Another saving grace of a McMahon victory, proving anew that there’s a sucker born every minute, is that Linda would not – at least not yet – be wielding executive power; she would merely be occupying one of 100 desks at The World’s Greatest Deliberative Body. Though this was before my own time in California, in 1976 a Senate Democratic golden boy there, John Tunney (who, by the way, was the son of boxing champion Gene Tunney and his Connecticut socialite wife Polly Lauder), got his head handed to him by S.I. Hayakawa, the president of San Francisco State University. Hayakawa’s main claim to fame was the photo of him clutching a megaphone as he got overwhelmed by student protesters on campus in the late sixties. While in the Senate, he wrote an article for Harper’s discussing, among other things, that he fell asleep during floor debates. Hayakawa left after one term and the Republic survived.

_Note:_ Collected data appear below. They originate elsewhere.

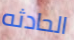
الحادثه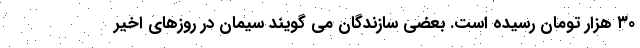
۳۰ هزار تومان رسیده است. بعضی سازندگان می گویند سیمان در روزهای اخیر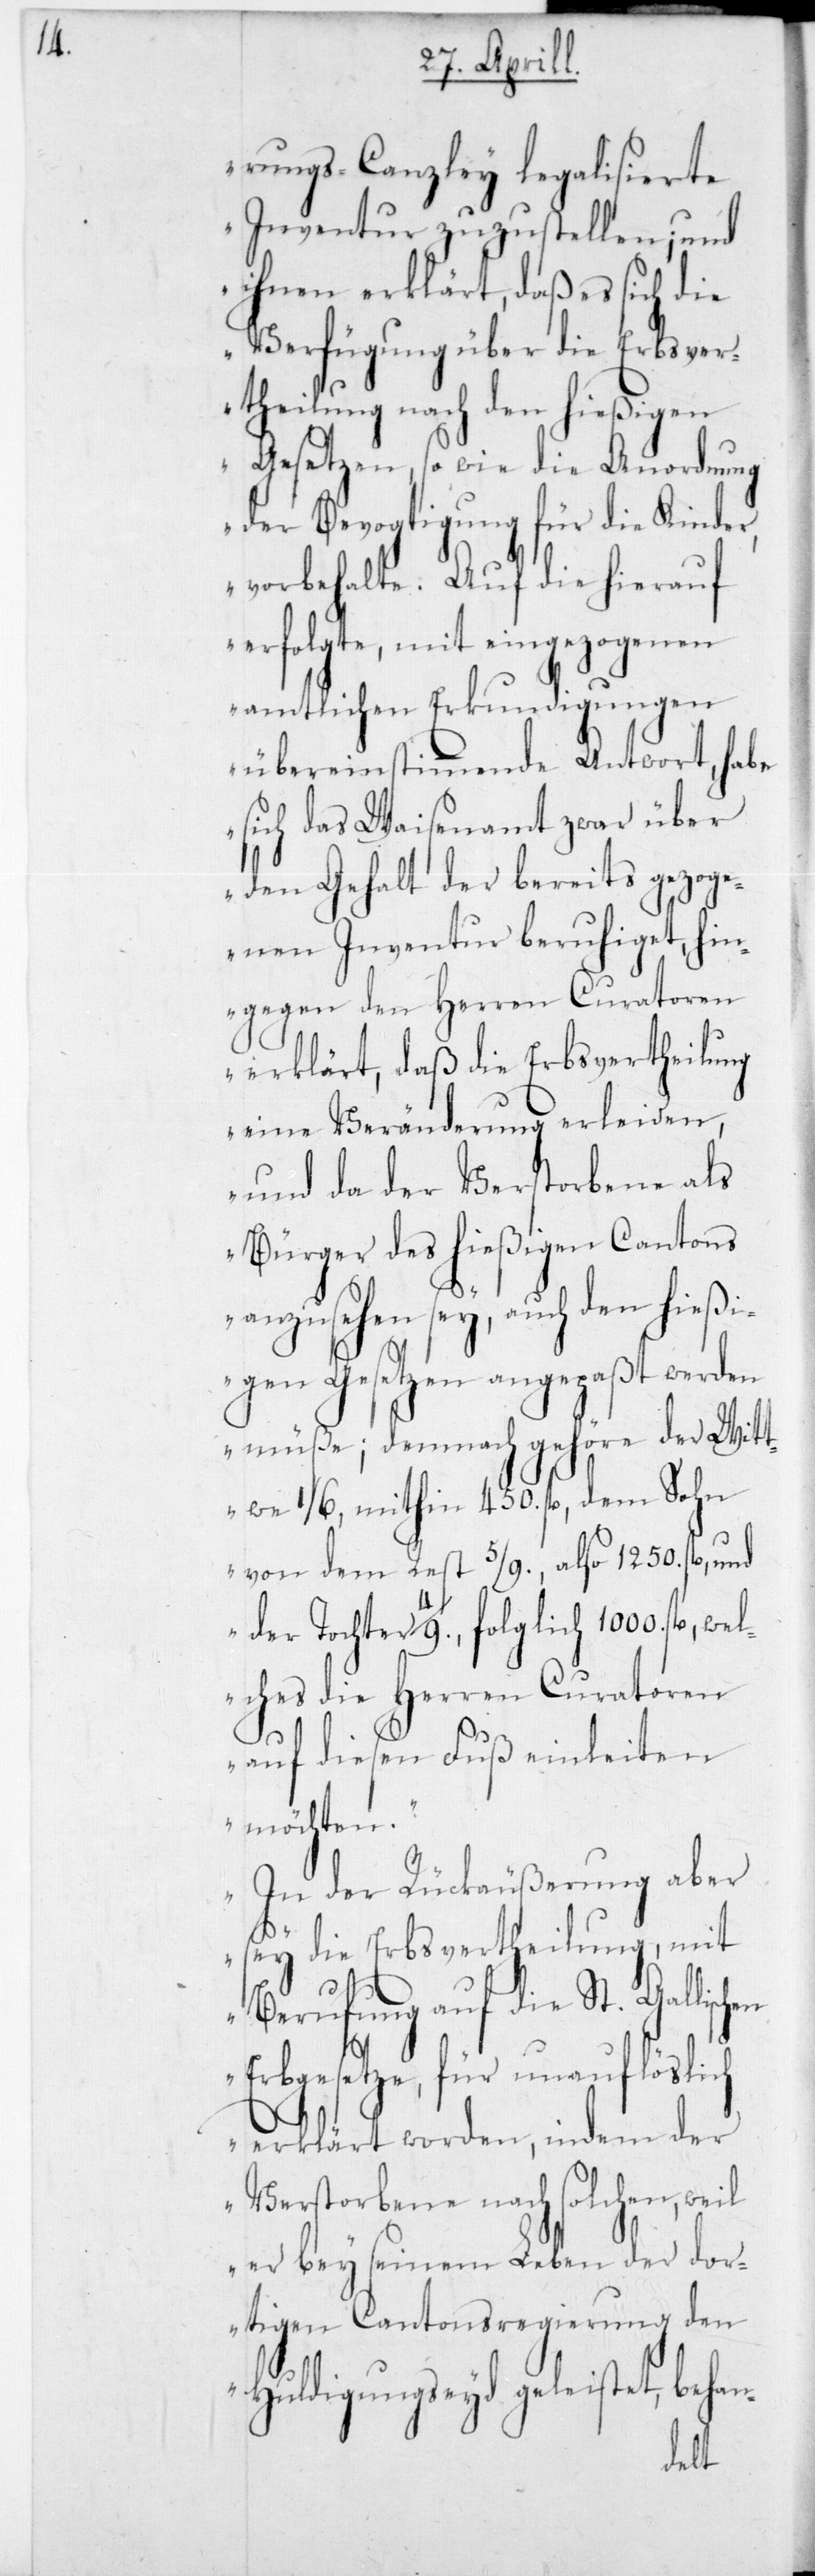
rungs-Canzley legalisierte
Inventur zuzustellen; und
ihnen erklärt, daß es sich die
Verfügung über die Erbsver¬
theilung nach den hießigen
Gesetzen, so wie die Anordnung
der Bevogtigung für die Kinder,
vorbehalte. Auf die hierauf
erfolgte, mit eingezogenen
amtlichen Erkundigungen
übereinstimmende Antwort, habe
sich das Waisenamt zwar über
den Gehalt der bereits gezoge¬
nen Inventur beruhiget, hin¬
gegen den Herren Curatoren
erklärt, daß die Erbsvertheilung
eine Veränderung erleiden,
und da der Verstorbene als
Bürger des hießigen Cantons
anzusehen sey, auch den hießi¬
gen Gesetzen angepaßt werden
müße; demnach gehöre der Wit¬
twe 1/6, mithin 450 fl., dem Sohn
von dem Rest 5/9, also 1250 fl. und
en
der Tochter 4/9, folglich
lches die Herren Curatoren
auf diesen Fuß einleiten
möchten.
In der Rückäußerung aber
sey die Erbsvertheilung, mit
Berufung auf die St. Gallisch¬
Erbgesetze, für unauflöslich
erklärt worden, indem der
Verstorbene nach solchen, weil
er bey seinem Leben der dor¬
tigen Cantonsregierung den
Huldigungseyd geleistet, be¬
han-

I honestly don’t know whether Richard Blumenthal has the stuff to take down Linda McMahon. For one thing, she has demonstrated the cool and forensic skills suggesting she will not be destroyed in a debate. And at this stage of the game, she may only need to hold her own and avoid a shot of spittle dribbling from the corner of her mouth.

Speaking of the word “game,” President Obama said at his recent Greenwich fundraiser that public service is not a game. He was only half-right. It is not only a game. But it is in part a game, and Linda has shown that she knows how to play it, and not totally devoid of joy and panache.

In the focus-group sense, McMahon’s vagueness on the issues is impeccable – the line about deferring to “the legislative arena” the debate over the future of middle-class entitlements like Social Security and Medicare is inspired fluff. As my fellow St. Louis native Yogi Berra might have observed, “When you find the third rail – don’t take it!”

My biggest problem with Senator McMahon would be the same problem I have with Citizen McMahon: she is filthy rich, literally, from spearheading an old industry in a new direction, toward entertainment that doesn’t just entertain but that gratuitously kills people. The McMahon family doesn’t directly murder its employees, of course; but it profits, nonetheless and even gleefully, when the corpses are delivered, by accident or design.

If this turns out to be a sign of a larger sickness in the American body politic … well, at least it will be a deadly accurate one.